▶ _Prompt_
Exactly the lines from the one containing "6.4 seconds since image 1 was recorded." through the end of the listing must make up the answer, with no pictures included.
^^^^^^^^^^^^^^^^
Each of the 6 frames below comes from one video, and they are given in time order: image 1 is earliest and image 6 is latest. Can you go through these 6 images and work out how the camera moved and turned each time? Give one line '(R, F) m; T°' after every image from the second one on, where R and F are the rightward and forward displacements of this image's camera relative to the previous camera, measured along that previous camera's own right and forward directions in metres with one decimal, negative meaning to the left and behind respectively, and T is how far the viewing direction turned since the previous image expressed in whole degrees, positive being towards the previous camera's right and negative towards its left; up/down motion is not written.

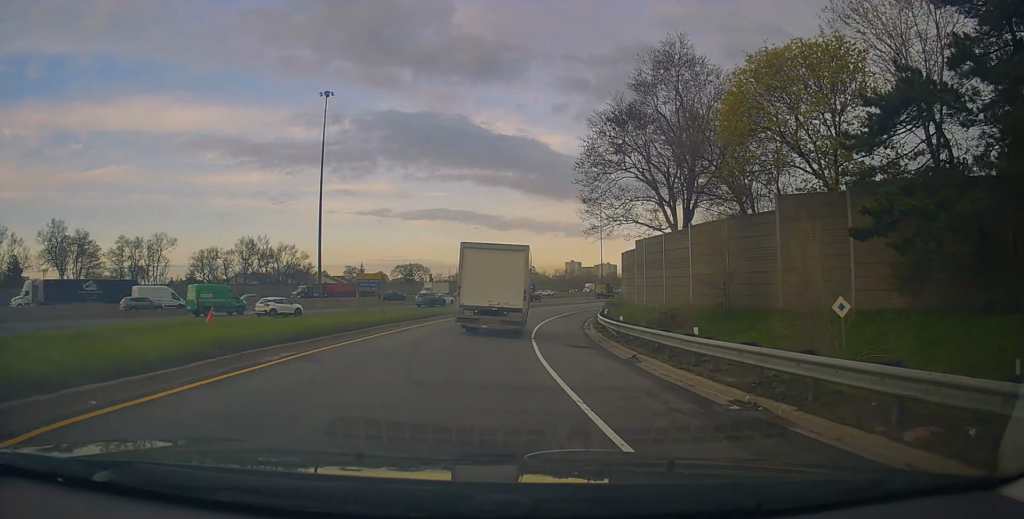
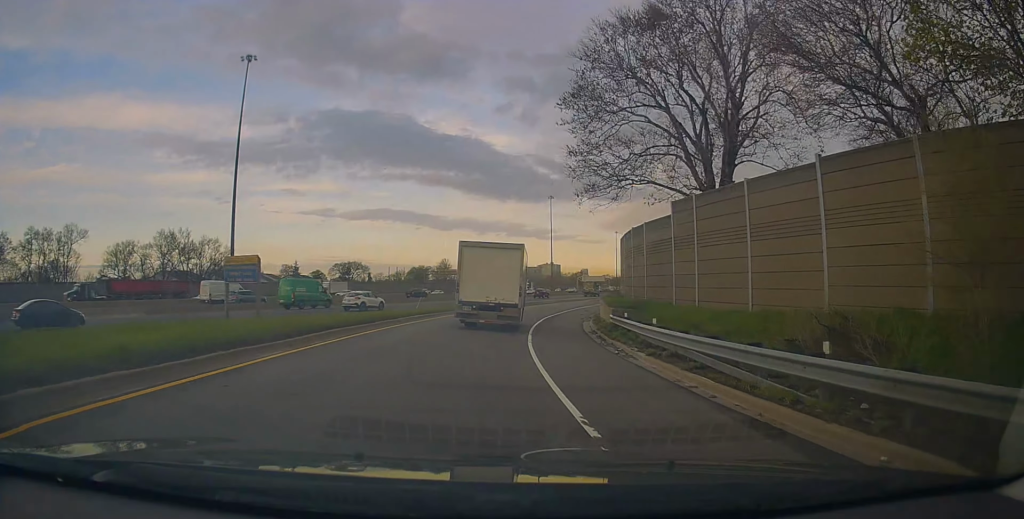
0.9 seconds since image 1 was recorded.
(+0.7, +14.8) m; +7°
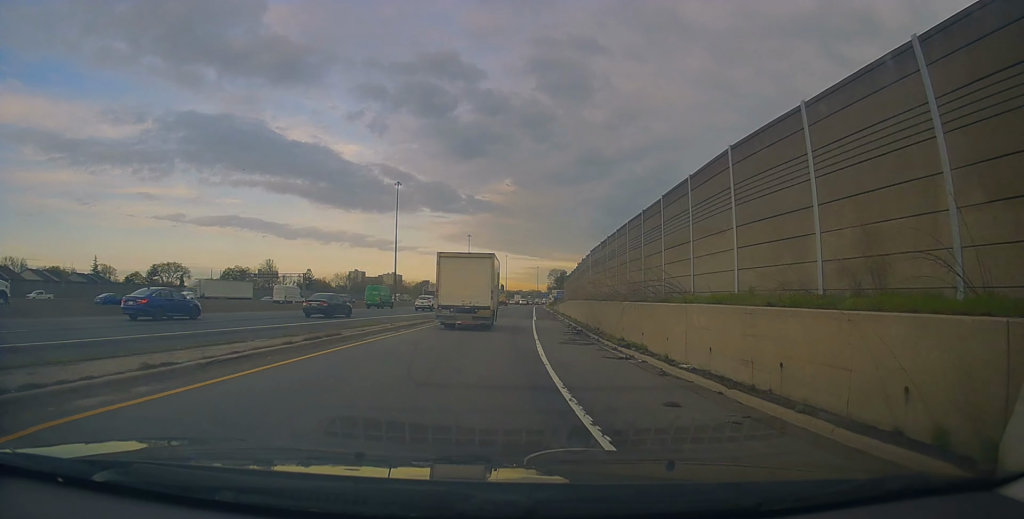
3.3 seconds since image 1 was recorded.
(+5.6, +43.0) m; +16°
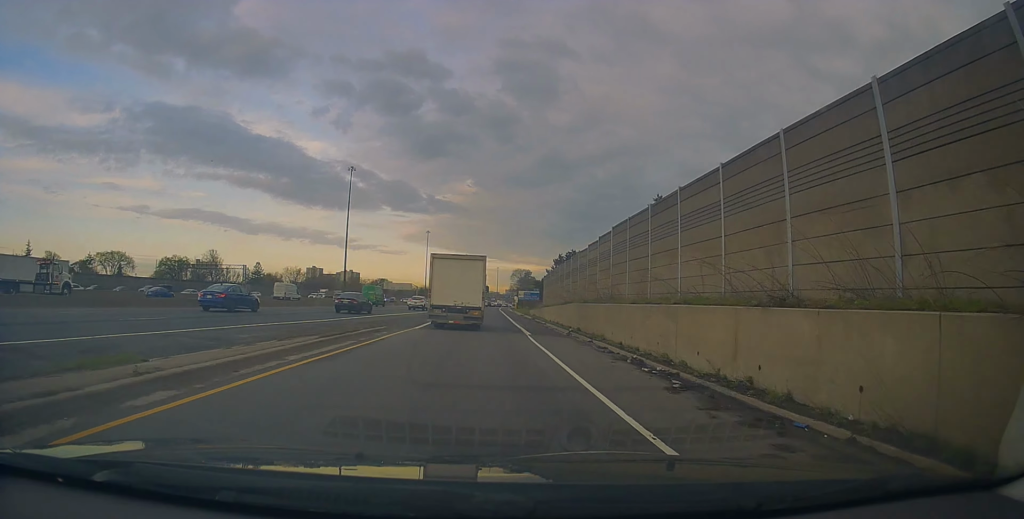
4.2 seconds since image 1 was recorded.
(+1.3, +16.5) m; +6°
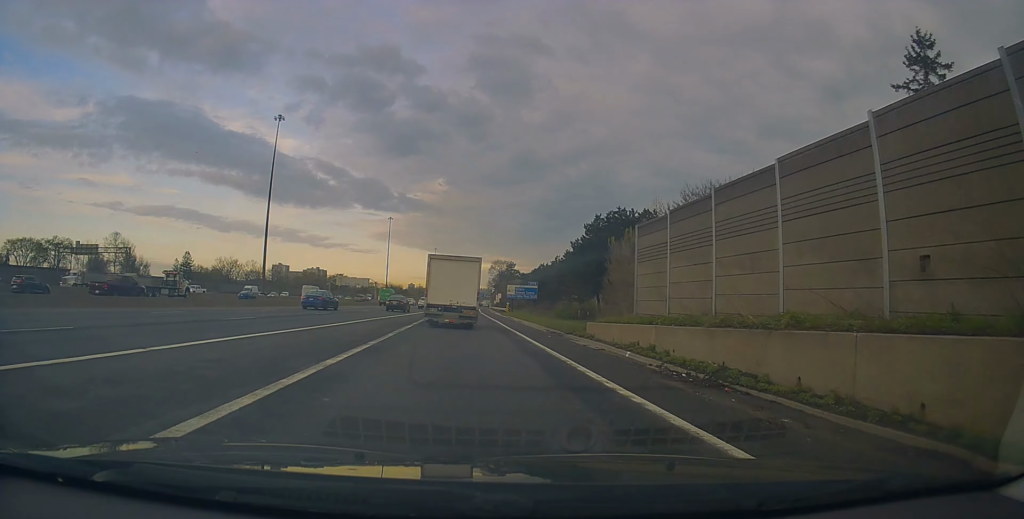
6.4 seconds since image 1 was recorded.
(+2.2, +43.0) m; +4°
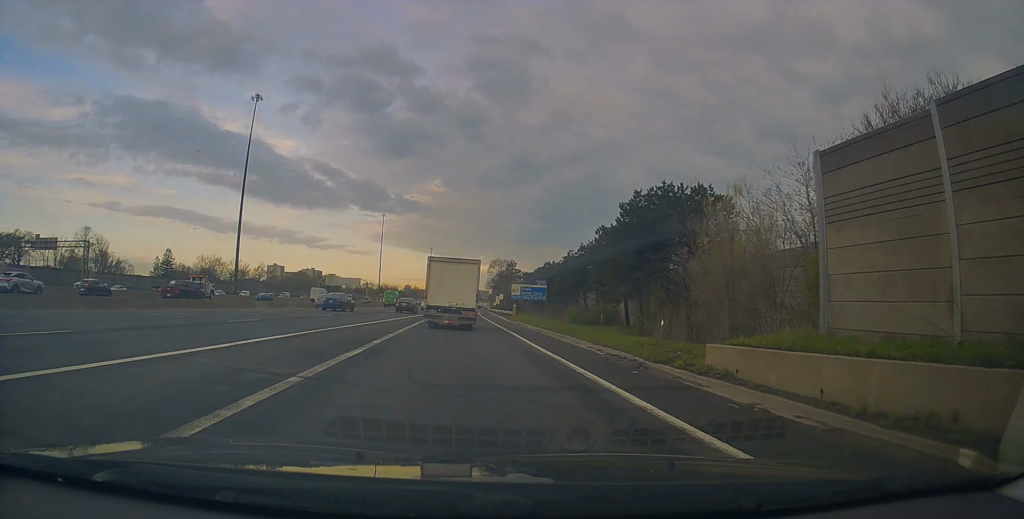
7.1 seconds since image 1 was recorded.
(0.0, +12.8) m; 0°
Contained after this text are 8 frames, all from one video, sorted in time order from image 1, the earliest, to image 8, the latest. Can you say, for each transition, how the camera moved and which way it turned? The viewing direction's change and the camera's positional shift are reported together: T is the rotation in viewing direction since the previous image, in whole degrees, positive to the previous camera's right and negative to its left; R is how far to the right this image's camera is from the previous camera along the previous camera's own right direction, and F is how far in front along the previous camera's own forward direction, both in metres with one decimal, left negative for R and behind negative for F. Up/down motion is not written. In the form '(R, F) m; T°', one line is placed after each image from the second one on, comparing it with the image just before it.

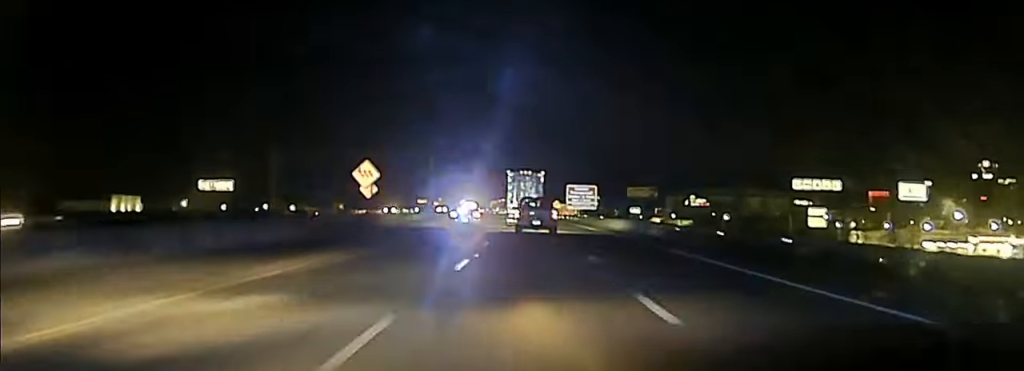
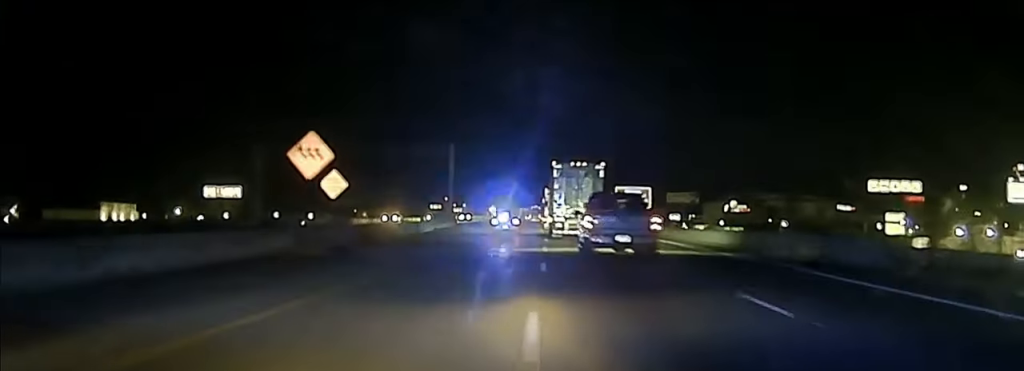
(-0.2, +21.3) m; -1°
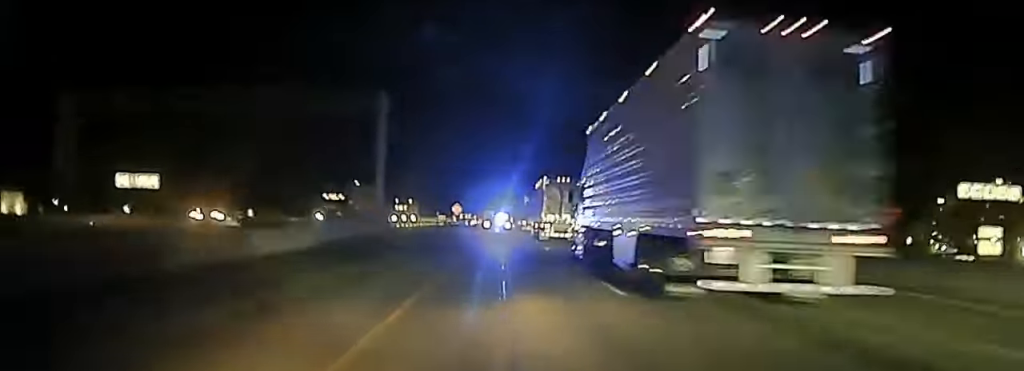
(-0.8, +40.9) m; 0°
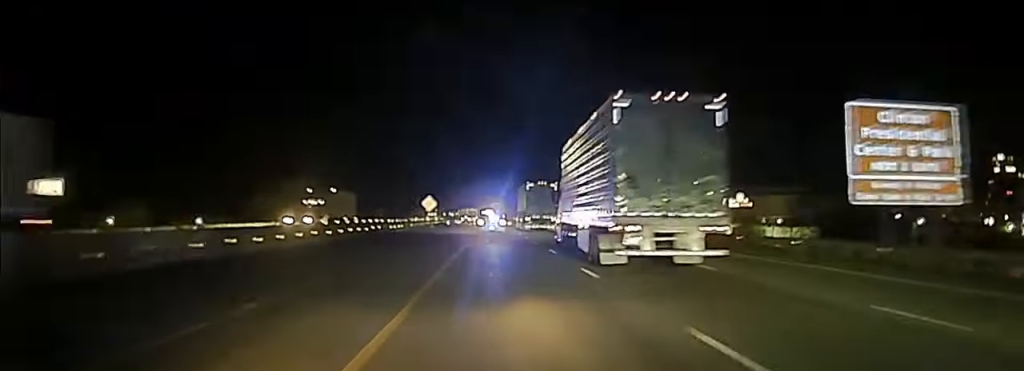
(+1.0, +43.7) m; +2°
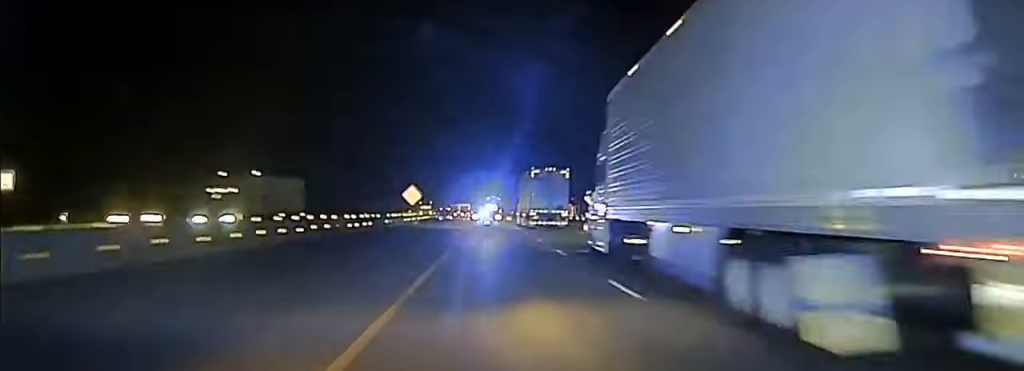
(+0.1, +16.9) m; 0°
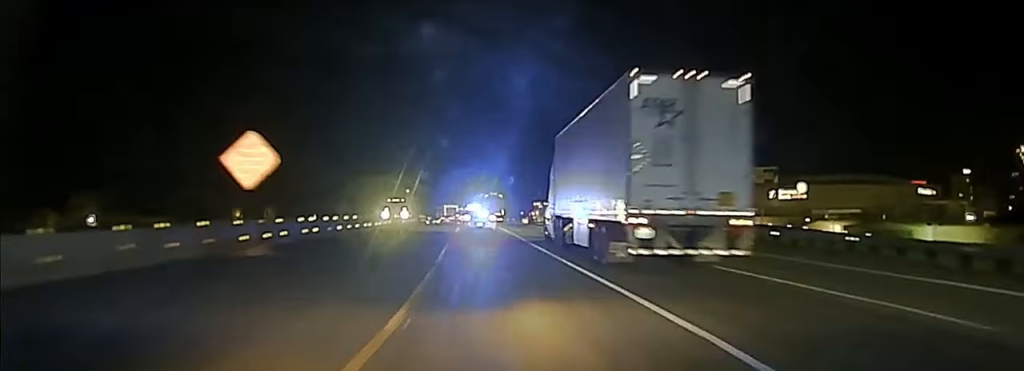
(-0.4, +57.5) m; 0°
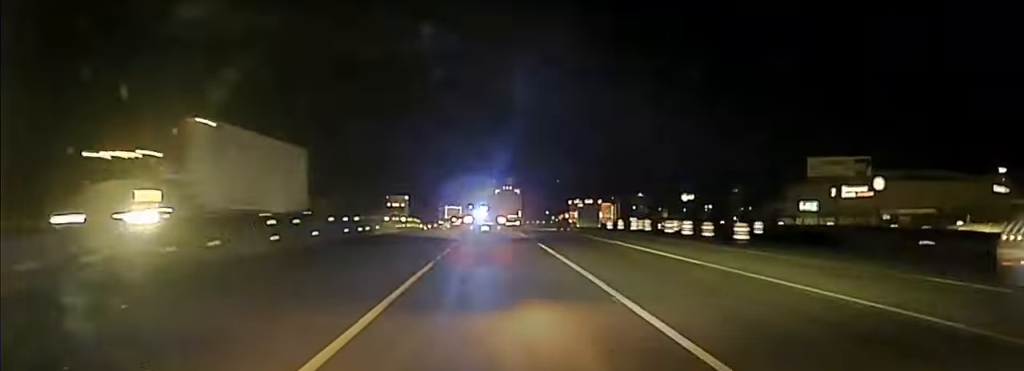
(-0.2, +47.0) m; -1°
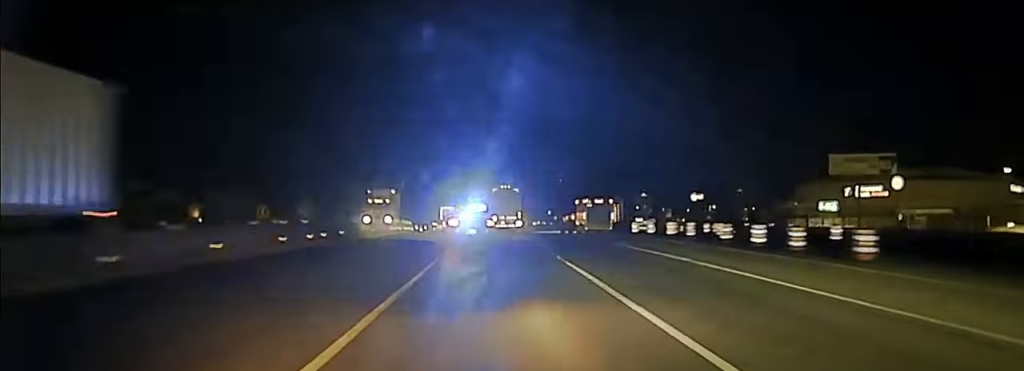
(-0.1, +13.2) m; -1°
^^^^^^^^^^^^^^^^
▶ _Solution_
6.4 seconds since image 1 was recorded.
(+2.2, +43.0) m; +4°
7.1 seconds since image 1 was recorded.
(0.0, +12.8) m; 0°
Contained after this text are 8 frames, all from one video, sorted in time order from image 1, the earliest, to image 8, the latest. Can you say, for each transition, how the camera moved and which way it turned? The viewing direction's change and the camera's positional shift are reported together: T is the rotation in viewing direction since the previous image, in whole degrees, positive to the previous camera's right and negative to its left; R is how far to the right this image's camera is from the previous camera along the previous camera's own right direction, and F is how far in front along the previous camera's own forward direction, both in metres with one decimal, left negative for R and behind negative for F. Up/down motion is not written. In the form '(R, F) m; T°', one line is placed after each image from the second one on, comparing it with the image just before it.

(-0.2, +21.3) m; -1°
(-0.8, +40.9) m; 0°
(+1.0, +43.7) m; +2°
(+0.1, +16.9) m; 0°
(-0.4, +57.5) m; 0°
(-0.2, +47.0) m; -1°
(-0.1, +13.2) m; -1°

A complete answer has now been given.